Şuf’a Hakkının Kullanılması

Şuf’a hakkı ancak paylı mülkiyette kullanılabilir. Yine bu hak ancak paydaşlar tarafından kullanılabilir. Yukarıda da belirttiğimiz üzere, şuf’a hakkı ancak payın üçüncü kişilere satılması durumunda kullanılabilir. Eğer satış bir paydaş tarafından diğer paydaşa yapılmış ise bu durumda şuf’a hakkı kullanılmaz. 
Ayrıca şunu da belirtmekte fayda vardır. Şuf’a hakkı paylı mülkiyette ileri sürülebilen bir hak ise de; bu ancak fiilen taksimi yapılmamış taşınmazlarda ileri sürülebilir. Ortaklar arasında fiilen taksim edilmiş taşınmazlarda bu hakkın ileri sürülmesi hakkın kötüye kullanılması olacaktır.
Şuf’a hakkı ancak dava ile üçüncü kişilere karşı kullanılabilir. Dava taşınmazı alan üçüncü kişiye karşı herhangi bir paydaş tarafından açılabilecektir.

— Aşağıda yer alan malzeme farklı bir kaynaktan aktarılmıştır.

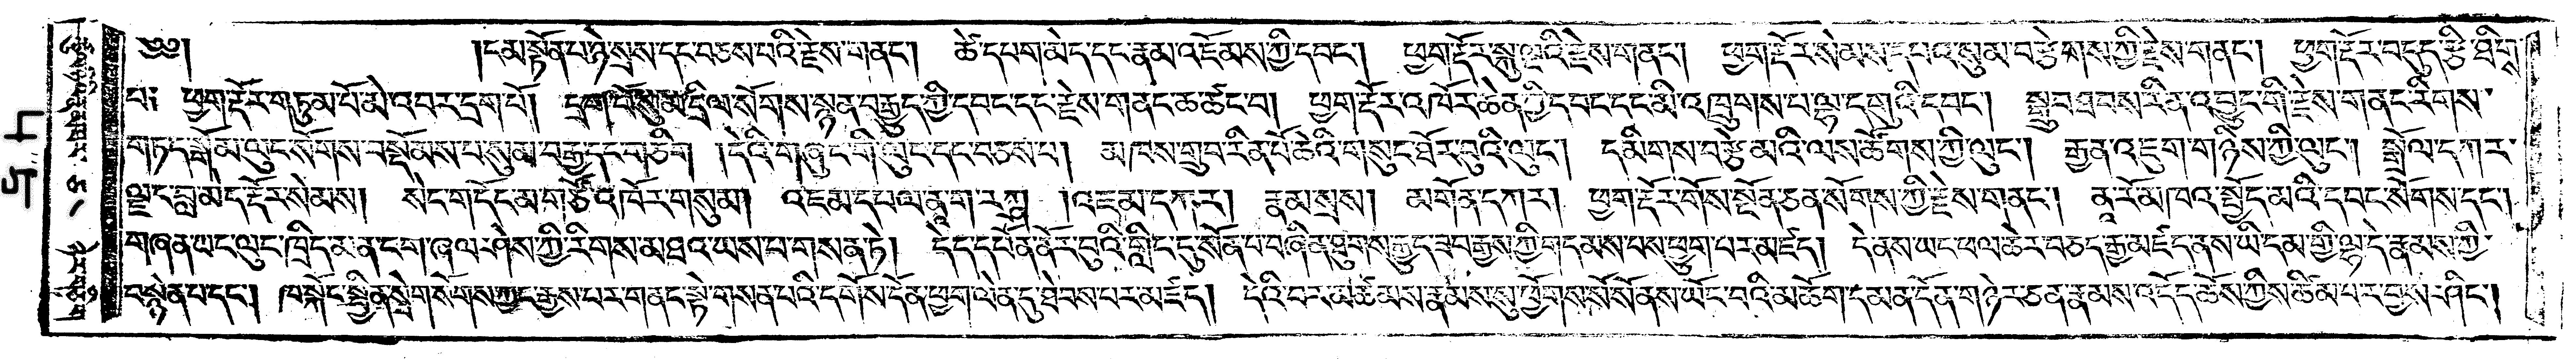༄༅། །ངམ་སྟོན་པ་ཉེ་སྲས་དང་བཅས་པའི་རྗེས་གནང་། ཚེ་དཔག་མེད་དང་རྣམ་འཇོམས་ཀྱི་དབང་། ཕྱག་རྡོར་སྐུ་ལྔའི་རྗེས་གནང་། ཕྱག་རྡོར་སེམས་དཔའ་སུམ་བརྩེགས་ཀྱི་རྗེས་གནང་། ཕྱག་རྡོར་བདུད་རྩི་ཐིགས་
པ༑ ཕྱག་རྡོར་གཏུམ་པོ་མེ་འབར་དྲག་པོ། དྲག་པོ་སུམ་དྲིལ་སོགས་སྙན་བརྒྱུད་ཀྱི་དབང་དང་རྗེས་གནང་ཆ་ཚང་བ། ཕྱག་རྡོར་འཁོར་ཆེན་གྱི་དབང་དང་མི་འཁྲུགས་པ་ལྷ་དགུའི་དབང་། སྒྲུབ་ཐབས་རིན་འབྱུང་གི་རྗེས་གནང་རིགས་
གཏད་སྒོམ་ལུང་སོགས་བསྡོམས་པ་སུམ་བརྒྱ་དང་གཅིག །དེའི་གཞུང་གི་ལུང་དང་བཅས་པ། མཁས་གྲུབ་རིན་པོ་ཆེའི་གསུང་ཐོར་བུའི་ལུང་། དམིགས་བརྩེ་མའི་ལས་ཚོགས་ཀྱི་ལུང་། རྒྱན་འཇུག་གཉིས་ཀྱི་ལུང་། སྒྲོལ་དཀར་
ལྗང་བླ་མེད་རྡོར་སེམས། སེང་གདོང་མ་གཙོ་འཁོར་གསུམ། འཇམ་དཔལ་ནཱ་ག་རཀྴ་།འཇམ་དཀར། རྣམ་སྲས། མགོན་དཀར། ཕྱག་རྡོར་གོས་སྔོན་ཅན་སོགས་ཀྱི་རྗེས་གནང་། ནཱ་རོ་མཁའ་སྤྱོད་མའི་དབང་སོགས་དང་།
གཞན་ཡང་ལུང་ཁྲིད་མན་ངག་ཞལ་ཤེས་ཀྱི་རིགས་མཐའ་ཡས་པ་གསན་ཏེ། དེད་དཔོན་ནོར་བུའི་གླིང་དུ་སོན་པ་བཞིན་ཐུགས་རྒྱུད་ཟབ་རྒྱས་ཀྱི་གདམས་བས་ཕྱུག་པར་མཛད། དེ་ནས་ཡང་ཕལ་ཆེར་བཅད་རྒྱ་མཛད་ནས་ཡི་དམ་གྱི་ལྷ་དེ་རྣམས་ཀྱི་
བསྙེན་པ་དང་། ཁ་སྐོང་སྦྱིན་སྲེག་སོགས་ཀྱང་རྒྱས་པར་གནང་སྟེ་གསན་པའི་དགོས་དོན་ཕྱག་ལེན་དུ་ཐེབས་པར་མཛད། དེའི་བར་མཚམས་རྣམས་སུ་ཕྱོགས་སོ་སོ་ནས་ཡོང་བའི་མཆོག་དམན་དོན་གཉེར་ཅན་རྣམས་འདོད་ཆོས་ཀྱིས་ཚིམ་པར་བྱས་ཤིང་།

Dava Taşınmazın bulunduğu yer Asliye Hukuk Mahkemesinde açılacaktır.

Şuf’a Hakkının Kullanmada Süre Var Mıdır?

Alıcı, kanun gereğince payı satın aldığı hususunu tüm paydaşlara noter marifetiyle bildirmiş olmasına rağmen paydaşlar bu duruma süresinde itiraz etmemiş iseler şuf’a hakkı payı alan üçüncü kişiye karşı da ileri süremezler.
Alıcının noter marifetiyle satışı bildirmesinden itibaren üç(3) ay içerisinde kanuni şuf’a ileri sürülmez ve dava açılmaz ise;
Yada satışın yapılmasından itibaren iki(2) yıl geçmiş olmasına rağmen ileri sürülmemiş ise; bu durumda Şuf’a davası açılamaz.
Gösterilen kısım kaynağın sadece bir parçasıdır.